Filter presses are sometimes called "Plate-and-Frame Filters." This refers to the style of filter element that was most prominent in the mid 1800's until the late 1960's.
While this specialized style of the filter press is still manufactured today, the current manufactured units are more accurately referred to as "Recessed Chamber Filter Press” and/or “Diaphragm (Membrane) Filter Press".
The primary usage of a filter press is as a "fixed volume, batch pressure filter." As a fixed volume filter, it is built to hold a specific quantity of solids. The term "batch" refers to the fact the cycle must be stopped to discharge the collected “filter cake” prior to restarting a cycle. "Pressure" is created by the feed pump in the separation process.
The filter press may also be used as a "polishing" filter to remove minute quantities of solids from an influent stream. In these applications the press is not sized for the quantity of solids holding capacity but for maximum filtration area and hydraulic throughput. When used as a polishing filter, generally a dry filter cake is not developed. Rather, when throughput flow rates drop to an unacceptable level, the cycle is ended.
The last most common usage of the filter press is as a "variable volume" filter through the use of a filter plate known as a diaphragm or membrane plate. This type of plate has a flexible drain-field which when sealed around the edges forms an integral bladder or diaphragm that may be inflated to physically press additional liquid from the filter cake. This process can significantly reduce the typical elapsed time for a press cycle and produce a dryer cake product, or more uniform cake dryness from cycle to cycle.
How does it work?
The filter press is made up of two principle components:
- Filter pack
This is true for all filter presses of the regardless of design and includes presses of both the sidebar and overhead plate suspension types.

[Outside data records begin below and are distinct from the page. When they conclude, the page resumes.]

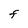
Character: F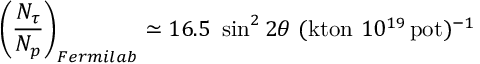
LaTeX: \left( { \frac { N _ { \tau } } { N _ { p } } } \right) _ { F e r m i l a b } \simeq 1 6 . 5 ~ \sin ^ { 2 } 2 \theta ~ ( \mathrm { k t o n } ~ 1 0 ^ { 1 9 } \, \mathrm { p o t } ) ^ { - 1 }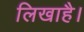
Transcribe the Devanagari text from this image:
लिखाहै।

The skeleton has one chief function—that is to hold the filter pack together against the pressures developed internally during the filtration process. The terms used to describe the skeleton may vary slightly from manufacturer to manufacturer, but the sub-components remain essentially the same:
- Stationary head
- Follower head
These components will be tied together either by the use of sidebars or overhead beams.
The filter pack is where the actual liquid/solid separation process takes place. The pack consists of a series of filter elements that form a series of chambers when held together in the press skeleton. Each chamber wall has a series of raised cylinders or "pips," which are then covered with a porous cloth medium.

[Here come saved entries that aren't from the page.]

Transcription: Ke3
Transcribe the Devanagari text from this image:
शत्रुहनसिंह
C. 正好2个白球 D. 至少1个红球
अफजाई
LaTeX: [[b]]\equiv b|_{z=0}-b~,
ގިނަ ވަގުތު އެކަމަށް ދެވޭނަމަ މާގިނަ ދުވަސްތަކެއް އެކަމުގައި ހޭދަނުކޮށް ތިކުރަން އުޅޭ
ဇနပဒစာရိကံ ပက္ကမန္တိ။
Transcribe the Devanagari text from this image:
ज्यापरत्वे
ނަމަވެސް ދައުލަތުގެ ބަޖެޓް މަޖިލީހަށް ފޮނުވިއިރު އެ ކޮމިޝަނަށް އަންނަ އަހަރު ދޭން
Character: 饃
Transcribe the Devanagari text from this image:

These pips form a flow path for the liquid draining from the press. At corners of the drain-field, interconnecting holes join the drain-field to the four corner discharge ports. When the plates are held together in a plate pack, the corner discharge eyes form individual manifolds connecting the drain-fields of the plates with the external piping of the press. The center feed (or less frequently a corner feed) slurry inlet port also forms a manifold that connects with the individual chambers of the plate pack.
In operation, slurry is pumped under pressure into the press chambers through the manifold at the stationary head of the filter press. As each chamber fills with slurry, the liquid passes through the cloth medium, across the drain-field, through the drain ports and exits via gravity out of the corner discharge eyes.
The prime function of the filter media is to provide a porous support structure for the filter cake as it develops and builds. Initially, some solids may pass through the cloth media causing a slight turbidity in the filtrate, but gradually the larger particles within the slurry begin to bridge the openings in the media reducing the effective opening size. This allows smaller particles to bridge these reduced openings initiating the cake filtration process. Once a layer of solid particles achieves 1 to 2 mm in thickness, this "precoat" layer serves to separate out finer and finer particles as the cake builds in thickness, yielding a filtrate that is very low in turbidity.
The pressure behind the slurry (typically 100 psi, but up to 900 psi [7 to 60 bar]) is provided by a feed pump—sometimes a positive displacement or centrifugal pump. With a gravity drain on the filtrate side of the press, a pressure differential between the feed pressure and the gravity discharge is created across the media and the filter cake solids as they build in thickness.
It is the existence of this pressure differential, not just the feed pump pressure, that causes the filtering action to occur. Solids within the slurry will flow to the area of cake development with the lowest pressure differential, resulting in a filter cake that builds uniformly over the drain-field on either side of the chamber walls.
This fill cycle continues until the filter cakes forming on the chamber walls bridge at the center, completely filling the press with solids. It is at this point that the filtration process is complete.
Once this is achieved, the hydraulic closure of the press is retracted, the individual filter elements are separated and the filter cakes are discharged, usually by gravity, to an appropriate receptacle.